Segment Start: DATA PROVIDED

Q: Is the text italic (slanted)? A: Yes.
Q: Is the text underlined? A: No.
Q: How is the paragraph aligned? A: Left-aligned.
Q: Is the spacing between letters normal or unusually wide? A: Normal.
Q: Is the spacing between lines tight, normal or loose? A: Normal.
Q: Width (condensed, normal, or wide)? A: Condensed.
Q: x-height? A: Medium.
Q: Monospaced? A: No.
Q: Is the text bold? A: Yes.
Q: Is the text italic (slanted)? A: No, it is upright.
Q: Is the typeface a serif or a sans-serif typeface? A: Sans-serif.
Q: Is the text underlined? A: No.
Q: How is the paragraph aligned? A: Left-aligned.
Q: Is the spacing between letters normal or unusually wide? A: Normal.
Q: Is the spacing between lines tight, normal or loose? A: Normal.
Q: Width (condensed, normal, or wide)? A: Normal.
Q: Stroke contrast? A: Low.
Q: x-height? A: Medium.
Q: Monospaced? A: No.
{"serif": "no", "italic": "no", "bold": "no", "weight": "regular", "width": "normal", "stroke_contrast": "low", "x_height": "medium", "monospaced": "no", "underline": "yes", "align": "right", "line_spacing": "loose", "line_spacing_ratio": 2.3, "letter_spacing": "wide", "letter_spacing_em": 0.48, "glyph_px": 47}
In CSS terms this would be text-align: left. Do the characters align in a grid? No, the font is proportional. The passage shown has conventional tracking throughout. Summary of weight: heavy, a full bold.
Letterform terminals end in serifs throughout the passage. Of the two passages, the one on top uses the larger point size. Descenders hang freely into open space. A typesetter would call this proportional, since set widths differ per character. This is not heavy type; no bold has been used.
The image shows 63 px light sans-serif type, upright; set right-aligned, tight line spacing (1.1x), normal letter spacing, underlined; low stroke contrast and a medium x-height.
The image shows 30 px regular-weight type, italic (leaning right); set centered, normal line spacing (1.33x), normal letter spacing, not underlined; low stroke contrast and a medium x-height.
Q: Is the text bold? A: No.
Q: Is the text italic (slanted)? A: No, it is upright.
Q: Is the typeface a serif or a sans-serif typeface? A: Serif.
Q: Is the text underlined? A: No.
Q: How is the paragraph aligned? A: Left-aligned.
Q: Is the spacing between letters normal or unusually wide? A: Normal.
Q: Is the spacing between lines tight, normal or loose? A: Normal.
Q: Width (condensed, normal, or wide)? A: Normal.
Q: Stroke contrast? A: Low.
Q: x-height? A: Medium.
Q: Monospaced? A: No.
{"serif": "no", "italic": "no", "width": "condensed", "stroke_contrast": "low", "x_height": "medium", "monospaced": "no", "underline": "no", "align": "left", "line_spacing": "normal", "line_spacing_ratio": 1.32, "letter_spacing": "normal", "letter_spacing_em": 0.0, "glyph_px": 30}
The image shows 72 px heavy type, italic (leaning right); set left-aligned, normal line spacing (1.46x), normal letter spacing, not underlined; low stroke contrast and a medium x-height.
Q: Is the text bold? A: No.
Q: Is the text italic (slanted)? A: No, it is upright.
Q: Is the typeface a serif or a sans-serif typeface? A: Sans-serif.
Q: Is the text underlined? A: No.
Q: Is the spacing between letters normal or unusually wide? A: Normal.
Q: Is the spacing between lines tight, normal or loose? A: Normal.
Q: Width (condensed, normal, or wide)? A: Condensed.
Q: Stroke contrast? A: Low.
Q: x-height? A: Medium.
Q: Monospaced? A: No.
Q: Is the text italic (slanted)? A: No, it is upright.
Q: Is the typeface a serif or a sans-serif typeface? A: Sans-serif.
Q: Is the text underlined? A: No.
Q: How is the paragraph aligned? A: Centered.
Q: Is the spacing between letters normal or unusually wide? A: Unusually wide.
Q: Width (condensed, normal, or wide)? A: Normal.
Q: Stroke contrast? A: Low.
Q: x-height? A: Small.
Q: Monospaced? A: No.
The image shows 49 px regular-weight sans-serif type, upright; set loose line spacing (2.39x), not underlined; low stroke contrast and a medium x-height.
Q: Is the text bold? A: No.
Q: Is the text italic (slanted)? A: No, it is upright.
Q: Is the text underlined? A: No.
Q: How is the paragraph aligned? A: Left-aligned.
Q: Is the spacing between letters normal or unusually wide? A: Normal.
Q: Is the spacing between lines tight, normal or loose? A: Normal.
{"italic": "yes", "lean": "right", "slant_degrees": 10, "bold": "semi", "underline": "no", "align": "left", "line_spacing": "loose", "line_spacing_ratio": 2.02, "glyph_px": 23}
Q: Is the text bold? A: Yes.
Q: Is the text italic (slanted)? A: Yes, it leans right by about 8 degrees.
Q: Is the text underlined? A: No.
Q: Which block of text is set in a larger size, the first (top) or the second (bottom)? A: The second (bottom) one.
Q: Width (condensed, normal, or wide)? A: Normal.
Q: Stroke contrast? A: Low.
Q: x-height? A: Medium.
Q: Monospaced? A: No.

Segment End: DATA PROVIDED

**WORK TASK:**
With nothing added or dropped, write out every entry.

**ANSWER SECTION:**
Q: Is the text italic (slanted)? A: Yes.
Q: Is the text underlined? A: No.
Q: How is the paragraph aligned? A: Left-aligned.
Q: Is the spacing between letters normal or unusually wide? A: Normal.
Q: Is the spacing between lines tight, normal or loose? A: Normal.
Q: Width (condensed, normal, or wide)? A: Condensed.
Q: x-height? A: Medium.
Q: Monospaced? A: No.
Q: Is the text bold? A: Yes.
Q: Is the text italic (slanted)? A: No, it is upright.
Q: Is the typeface a serif or a sans-serif typeface? A: Sans-serif.
Q: Is the text underlined? A: No.
Q: How is the paragraph aligned? A: Left-aligned.
Q: Is the spacing between letters normal or unusually wide? A: Normal.
Q: Is the spacing between lines tight, normal or loose? A: Normal.
Q: Width (condensed, normal, or wide)? A: Normal.
Q: Stroke contrast? A: Low.
Q: x-height? A: Medium.
Q: Monospaced? A: No.
{"serif": "no", "italic": "no", "bold": "no", "weight": "regular", "width": "normal", "stroke_contrast": "low", "x_height": "medium", "monospaced": "no", "underline": "yes", "align": "right", "line_spacing": "loose", "line_spacing_ratio": 2.3, "letter_spacing": "wide", "letter_spacing_em": 0.48, "glyph_px": 47}
In CSS terms this would be text-align: left. Do the characters align in a grid? No, the font is proportional. The passage shown has conventional tracking throughout. Summary of weight: heavy, a full bold.
Letterform terminals end in serifs throughout the passage. Of the two passages, the one on top uses the larger point size. Descenders hang freely into open space. A typesetter would call this proportional, since set widths differ per character. This is not heavy type; no bold has been used.
The image shows 63 px light sans-serif type, upright; set right-aligned, tight line spacing (1.1x), normal letter spacing, underlined; low stroke contrast and a medium x-height.
The image shows 30 px regular-weight type, italic (leaning right); set centered, normal line spacing (1.33x), normal letter spacing, not underlined; low stroke contrast and a medium x-height.
Q: Is the text bold? A: No.
Q: Is the text italic (slanted)? A: No, it is upright.
Q: Is the typeface a serif or a sans-serif typeface? A: Serif.
Q: Is the text underlined? A: No.
Q: How is the paragraph aligned? A: Left-aligned.
Q: Is the spacing between letters normal or unusually wide? A: Normal.
Q: Is the spacing between lines tight, normal or loose? A: Normal.
Q: Width (condensed, normal, or wide)? A: Normal.
Q: Stroke contrast? A: Low.
Q: x-height? A: Medium.
Q: Monospaced? A: No.
{"serif": "no", "italic": "no", "width": "condensed", "stroke_contrast": "low", "x_height": "medium", "monospaced": "no", "underline": "no", "align": "left", "line_spacing": "normal", "line_spacing_ratio": 1.32, "letter_spacing": "normal", "letter_spacing_em": 0.0, "glyph_px": 30}
The image shows 72 px heavy type, italic (leaning right); set left-aligned, normal line spacing (1.46x), normal letter spacing, not underlined; low stroke contrast and a medium x-height.
Q: Is the text bold? A: No.
Q: Is the text italic (slanted)? A: No, it is upright.
Q: Is the typeface a serif or a sans-serif typeface? A: Sans-serif.
Q: Is the text underlined? A: No.
Q: Is the spacing between letters normal or unusually wide? A: Normal.
Q: Is the spacing between lines tight, normal or loose? A: Normal.
Q: Width (condensed, normal, or wide)? A: Condensed.
Q: Stroke contrast? A: Low.
Q: x-height? A: Medium.
Q: Monospaced? A: No.
Q: Is the text italic (slanted)? A: No, it is upright.
Q: Is the typeface a serif or a sans-serif typeface? A: Sans-serif.
Q: Is the text underlined? A: No.
Q: How is the paragraph aligned? A: Centered.
Q: Is the spacing between letters normal or unusually wide? A: Unusually wide.
Q: Width (condensed, normal, or wide)? A: Normal.
Q: Stroke contrast? A: Low.
Q: x-height? A: Small.
Q: Monospaced? A: No.
The image shows 49 px regular-weight sans-serif type, upright; set loose line spacing (2.39x), not underlined; low stroke contrast and a medium x-height.
Q: Is the text bold? A: No.
Q: Is the text italic (slanted)? A: No, it is upright.
Q: Is the text underlined? A: No.
Q: How is the paragraph aligned? A: Left-aligned.
Q: Is the spacing between letters normal or unusually wide? A: Normal.
Q: Is the spacing between lines tight, normal or loose? A: Normal.
{"italic": "yes", "lean": "right", "slant_degrees": 10, "bold": "semi", "underline": "no", "align": "left", "line_spacing": "loose", "line_spacing_ratio": 2.02, "glyph_px": 23}
Q: Is the text bold? A: Yes.
Q: Is the text italic (slanted)? A: Yes, it leans right by about 8 degrees.
Q: Is the text underlined? A: No.
Q: Which block of text is set in a larger size, the first (top) or the second (bottom)? A: The second (bottom) one.
Q: Width (condensed, normal, or wide)? A: Normal.
Q: Stroke contrast? A: Low.
Q: x-height? A: Medium.
Q: Monospaced? A: No.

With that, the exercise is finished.